Hijrah Ke BSB Musim Depan, Scott Redding Akhirnya Buka Suara

hijrah-ke-bsb-musim-depan-scott-redding-akhirnya-buka-suara
Redding akhirnya buka suara terkait hijrahnya ke BSB musim depan | Foto: motorsport
Yamaha Bpro Racing

BalapMotor.Net – Sott Redding akhirnya buka suara terkait kenapa ia lebih memilih untuk hijrah ke BSB musim depan, padahal ada opsi menjadi test rider di MotoGP atau turun kelas ke Moto2 agar kans promosi ke MotoGP musim berikutnya terbuka.

Salah satu alasannya karena Scott Redding tak ingin membayar sejumlah uang untuk mengamankan slot pembalap di musim depan. Redding lebih lanjut menjelaskan saat ini pembalap juga dibebankan biaya untuk bisa berada di grid, ini merupakan hal yang gila menurutnya.

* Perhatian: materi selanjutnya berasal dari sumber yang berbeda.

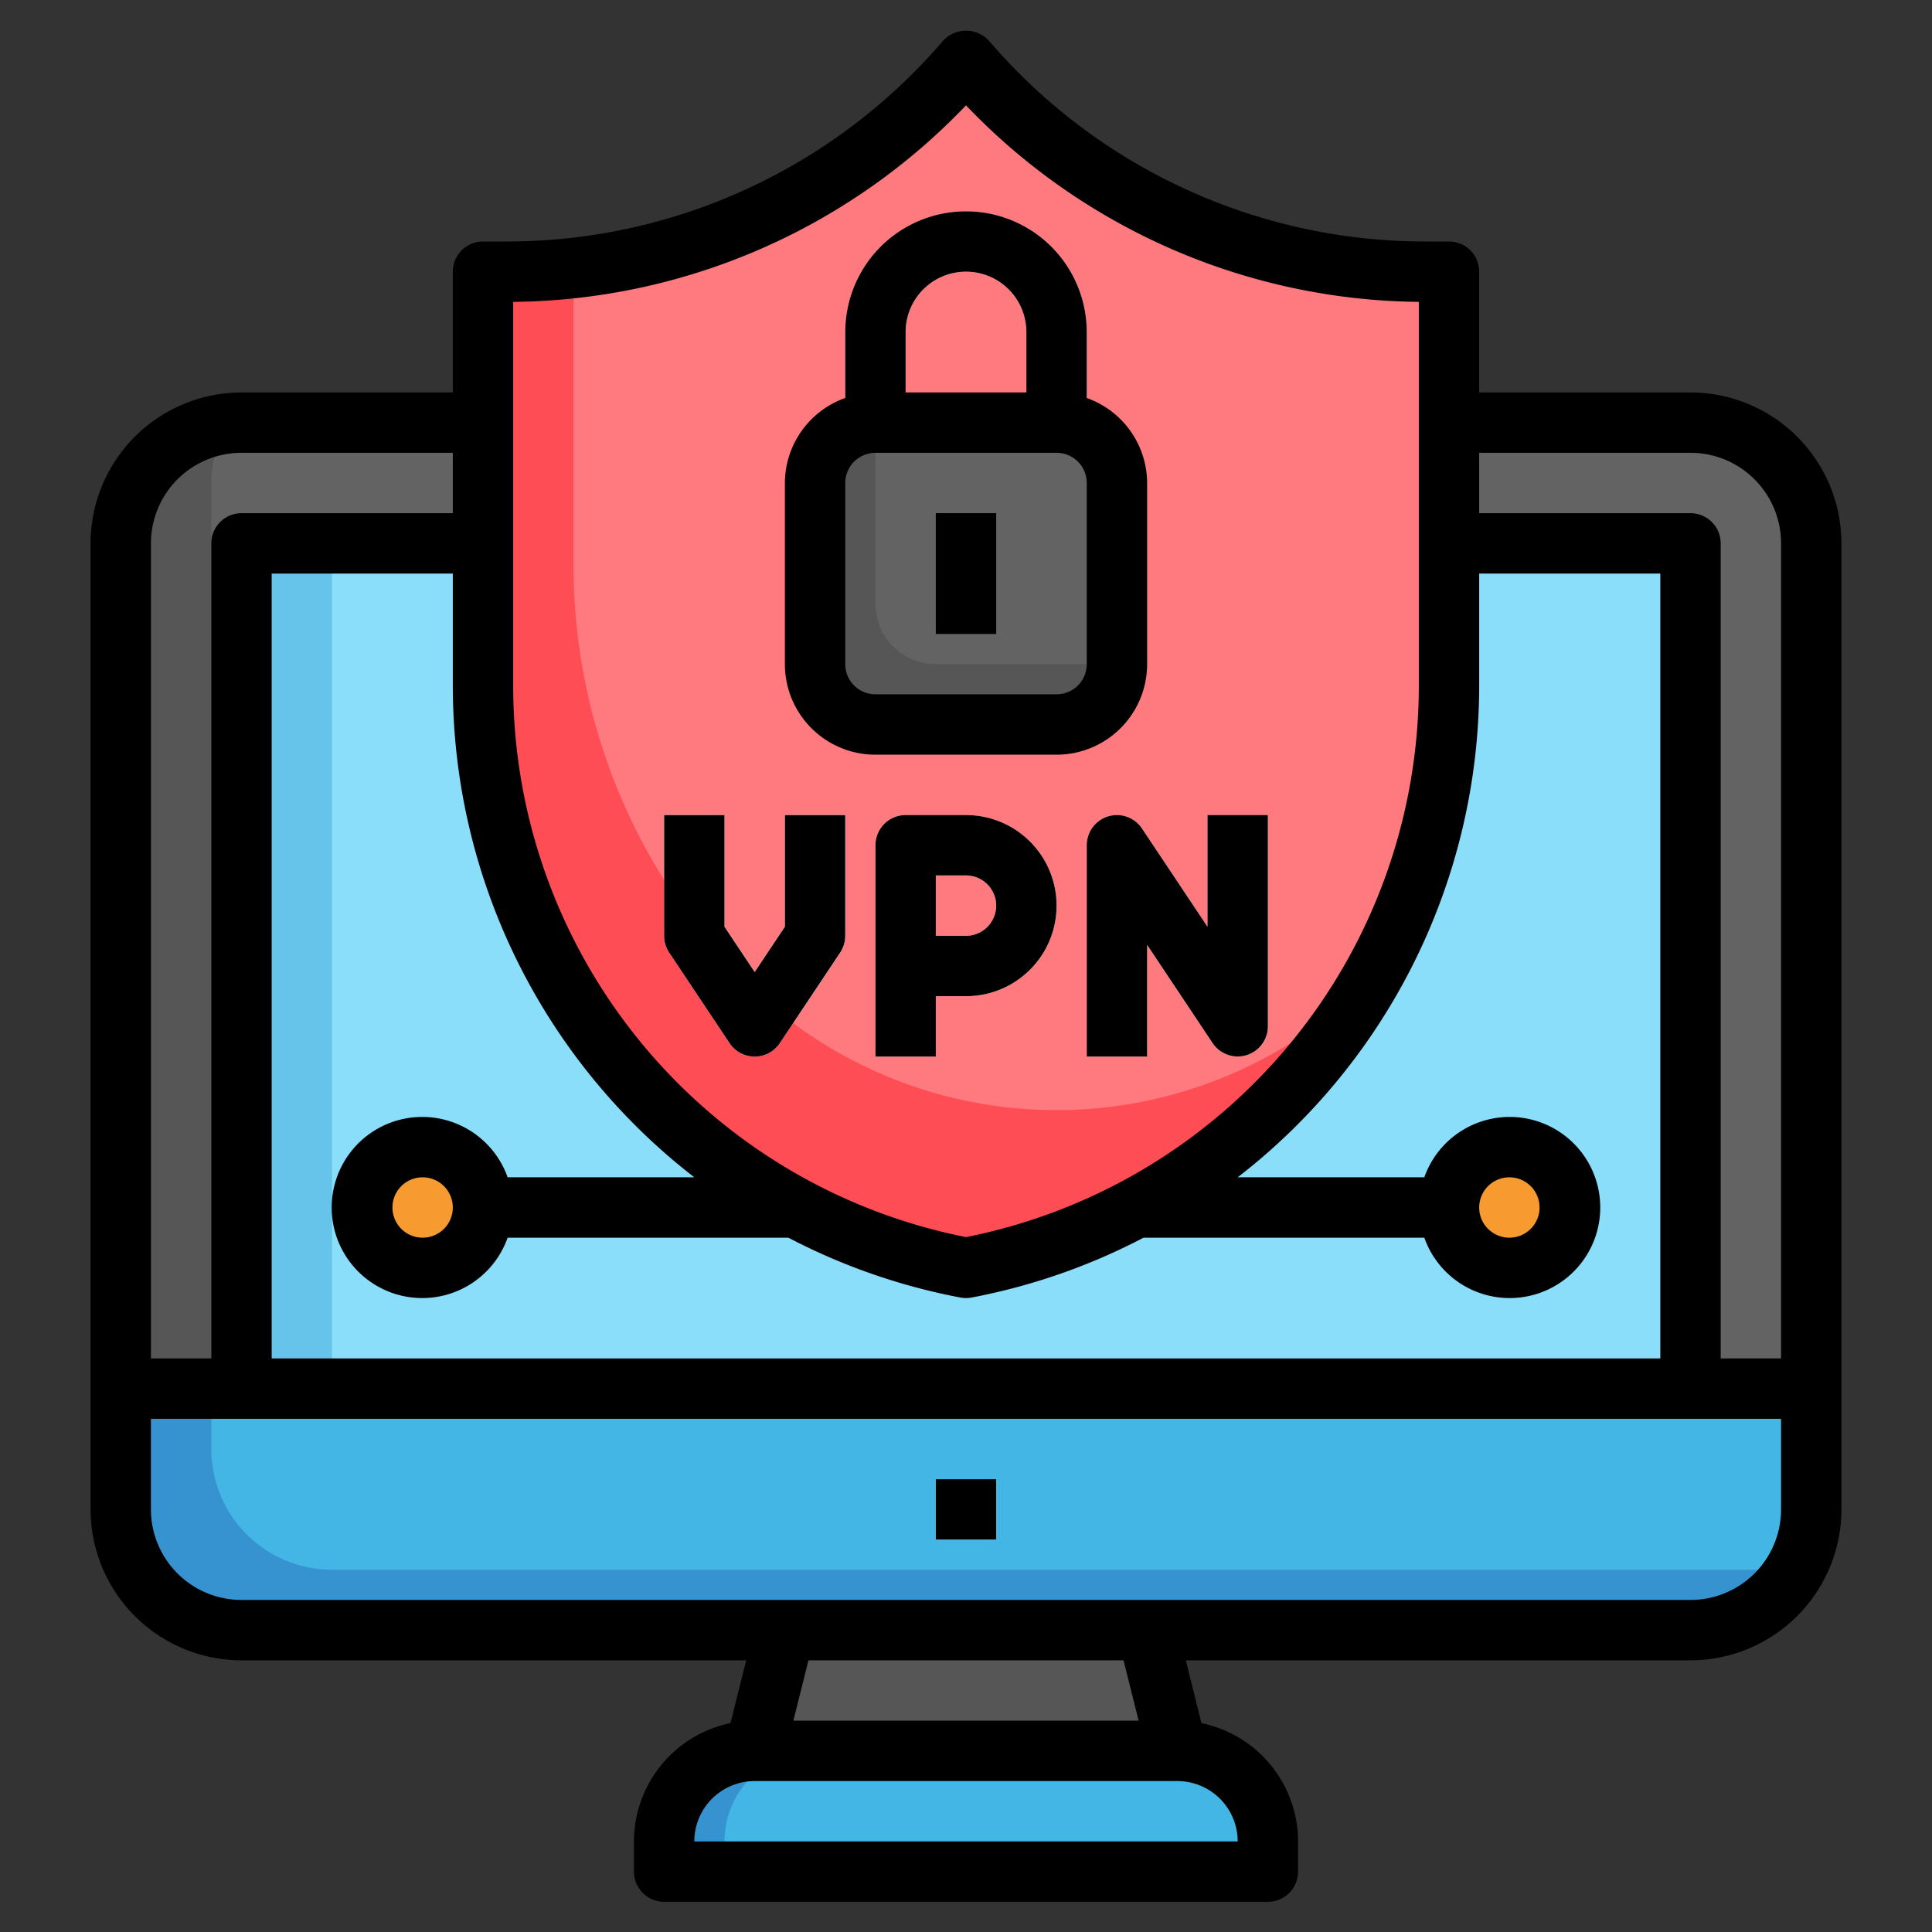 <svg height="512" viewBox="0 0 64 64" width="512" xmlns="http://www.w3.org/2000/svg"><rect x="0" y="0" width="64" height="64" fill="#333333" stroke="none"/><g id="Layer_9" data-name="Layer 9"><path d="m39 58-1-4h-12l-1 4z" fill="#565656"/><path d="m8 14a4 4 0 0 0 -4 4v32a4 4 0 0 0 4 4h48a4 4 0 0 0 4-4v-32a4 4 0 0 0 -4-4z" fill="#565656"/><path d="m56 14h-48a4.061 4.061 0 0 0 -.471.047 3.959 3.959 0 0 0 -.529 1.953v32a4 4 0 0 0 4 4h48a4.061 4.061 0 0 0 .471-.047 3.959 3.959 0 0 0 .529-1.953v-32a4 4 0 0 0 -4-4z" fill="#636363"/><path d="m8 46v-28h48v28" fill="#66c3e9"/><path d="m11 18h45v28h-45z" fill="#8adef9"/><path d="m4 50a4 4 0 0 0 4 4h48a4 4 0 0 0 4-4v-4h-56z" fill="#3693cf"/><path d="m7 48a4 4 0 0 0 4 4h48a4.061 4.061 0 0 0 .471-.047 3.959 3.959 0 0 0 .529-1.953v-4h-53z" fill="#43b6e5"/><path d="m39 58h-14a3 3 0 0 0 -3 3v1h20v-1a3 3 0 0 0 -3-3z" fill="#3693cf"/><path d="m31 49h2v2h-2z" fill="#fff"/><path d="m39 58h-12a3 3 0 0 0 -3 3v1h18v-1a3 3 0 0 0 -3-3z" fill="#43b6e5"/><path d="m15 39h34v2h-34z" fill="#43b6e5"/><circle cx="14" cy="40" fill="#f79b31" r="2"/><circle cx="50" cy="40" fill="#f79b31" r="2"/><path d="m32 42a19.616 19.616 0 0 0 16-19.279v-13.721h-.78a20.045 20.045 0 0 1 -15.22-7 20.045 20.045 0 0 1 -15.22 7h-.78v13.721a19.616 19.616 0 0 0 16 19.279z" fill="#ff4d55"/><path d="m48 9h-.78a20.045 20.045 0 0 1 -15.22-7 20.045 20.045 0 0 1 -13 6.876v9.845a19.588 19.588 0 0 0 5.445 13.563 14.644 14.644 0 0 0 20.919.19l.082-.084a19.552 19.552 0 0 0 2.554-9.669z" fill="#ff7a7e"/><path d="m26 30.7-1 1.5-1-1.5v-3.7h-2v4a1.006 1.006 0 0 0 .168.555l2 3a1 1 0 0 0 1.664 0l2-3a1.006 1.006 0 0 0 .168-.555v-4h-2z" fill="#f2f2f2"/><path d="m32 27h-2a1 1 0 0 0 -1 1v7h2v-2h1a3 3 0 0 0 0-6zm0 4h-1v-2h1a1 1 0 0 1 0 2z" fill="#fff"/><path d="m40 27v3.7l-2.168-3.252a1 1 0 0 0 -1.832.552v7h2v-3.7l2.168 3.252a1 1 0 0 0 1.832-.552v-7z" fill="#fff"/><path d="m36 15h-2v-4a2 2 0 0 0 -4 0v4h-2v-4a4 4 0 0 1 8 0z" fill="#f2f2f2"/><path d="m35 14h-6a2 2 0 0 0 -2 2v6a2 2 0 0 0 2 2h6a2 2 0 0 0 2-2v-6a2 2 0 0 0 -2-2z" fill="#565656"/><path d="m35 14h-6v6a2 2 0 0 0 2 2h6v-6a2 2 0 0 0 -2-2z" fill="#636363"/><path d="m31 17h2v4h-2z" fill="#494949"/><path d="m24.445 32.284a14.349 14.349 0 0 0 1.835 1.6l1.552-2.327a1.006 1.006 0 0 0 .168-.557v-4h-2v3.7l-1 1.5-1-1.5v-3.7h-2v2.124a19.667 19.667 0 0 0 2.445 3.16z" fill="#fff"/><path d="m8 55h16.719l-.52 2.081a4.007 4.007 0 0 0 -3.199 3.919v1a1 1 0 0 0 1 1h20a1 1 0 0 0 1-1v-1a4.007 4.007 0 0 0 -3.2-3.919l-.519-2.081h16.719a5.006 5.006 0 0 0 5-5v-32a5.006 5.006 0 0 0 -5-5h-7v-4a1 1 0 0 0 -1-1h-.78a19.024 19.024 0 0 1 -14.461-6.651 1.033 1.033 0 0 0 -1.518 0 19.024 19.024 0 0 1 -14.461 6.651h-.78a1 1 0 0 0 -1 1v4h-7a5.006 5.006 0 0 0 -5 5v32a5.006 5.006 0 0 0 5 5zm33 6h-18a2 2 0 0 1 2-2h14a2 2 0 0 1 2 2zm-3.281-4h-11.438l.5-2h10.438zm18.281-4h-48a3 3 0 0 1 -3-3v-3h54v3a3 3 0 0 1 -3 3zm0-38a3 3 0 0 1 3 3v27h-2v-27a1 1 0 0 0 -1-1h-7v-2zm-39-5a21.019 21.019 0 0 0 15-6.51 21.019 21.019 0 0 0 15 6.51v12.721a18.624 18.624 0 0 1 -15 18.26 18.624 18.624 0 0 1 -15-18.26zm6 29h-6.184a3 3 0 1 0 0 2h9.3a20.545 20.545 0 0 0 5.7 1.983 1 1 0 0 0 .368 0 20.545 20.545 0 0 0 5.698-1.983h9.3a3 3 0 1 0 0-2h-6.182a20.6 20.6 0 0 0 8-16.279v-3.721h6v26h-46v-26h6v3.721a20.6 20.6 0 0 0 8 16.279zm-8 1a1 1 0 1 1 -1-1 1 1 0 0 1 1 1zm34 0a1 1 0 1 1 1 1 1 1 0 0 1 -1-1zm-41-25h7v2h-7a1 1 0 0 0 -1 1v27h-2v-27a3 3 0 0 1 3-3z"/><path d="m31 49h2v2h-2z"/><path d="m25 35a1 1 0 0 0 .832-.445l2-3a1.006 1.006 0 0 0 .168-.555v-4h-2v3.7l-1 1.5-1-1.5v-3.7h-2v4a1.006 1.006 0 0 0 .168.555l2 3a1 1 0 0 0 .832.445z"/><path d="m32 27h-2a1 1 0 0 0 -1 1v7h2v-2h1a3 3 0 0 0 0-6zm0 4h-1v-2h1a1 1 0 0 1 0 2z"/><path d="m36.71 27.043a1 1 0 0 0 -.71.957v7h2v-3.7l2.168 3.252a1 1 0 0 0 1.832-.552v-7h-2v3.7l-2.168-3.252a1 1 0 0 0 -1.122-.405z"/><path d="m29 25h6a3 3 0 0 0 3-3v-6a3 3 0 0 0 -2-2.816v-2.184a4 4 0 0 0 -8 0v2.184a3 3 0 0 0 -2 2.816v6a3 3 0 0 0 3 3zm3-16a2 2 0 0 1 2 2v2h-4v-2a2 2 0 0 1 2-2zm-4 7a1 1 0 0 1 1-1h6a1 1 0 0 1 1 1v6a1 1 0 0 1 -1 1h-6a1 1 0 0 1 -1-1z"/><path d="m31 17h2v4h-2z"/></g></svg>

“Layaknya sebuah bisnis, semua harus pakai uang. Itu masalah yang dihadapi saat ini. Begitulah caranya. Agar pembalap bisa berada di grid, berapa mereka berani membayar untuk itu? Ini adalah kejuaraan balap dunia. Terlepas apakah itu Moto3, Moto2 dan MotoGP,” kata Scott Redding, dikutip dari laman motorsport.

“Bahkan jika tim di dukung dengan finansial yang sehat, mereka masih meminta sejumlah uang kepada pemabalap. Kerena mereka bisa, mereka akhirnya melakukan itu. Padahal dia bukanlah yang terbaik dari yang terbaik,” tambahnya.

Pembalap asal Inggris ini juga menjelaskan kenapa tak memilih turun kelas ke Moto2, tim Dynavolt Intact awalnya sudah sepakat. Tetapi, entah kenapa pada akhirnya tim justru lebih memilih Tom Luthi, itulah yang menyebabkan dirinya hijrah ke BSB.

“Ini yang Anda harus ketahui, kenapa akhirnya saya tidak memilih untuk ke Moto2. Saya tidak akan balapan jika tidak dibayar, karena ini adalah pekerjaan saya, tetapi di sisi lain saya juga tidak akan membayar untuk amankan satu slot pembalap. Saya tidak akan membayar dua ratus, tiga ratus ribu untuk bisa berada di grid selama satu atau dua musim. Ini menggelikan, juga gila. Tetapi ada yang melakukan ini demi bisa balapan,” papar Redding.

Redding pun memberikan masukan kepada promotor MotoGP untuk bisa memberikan hukuman kepada mereka, di sisi lain pembalap yang selalu tampil nyentrik ini juga menyarankan agar ada regulasi yang jelas mengenai besaran gaji pembalap.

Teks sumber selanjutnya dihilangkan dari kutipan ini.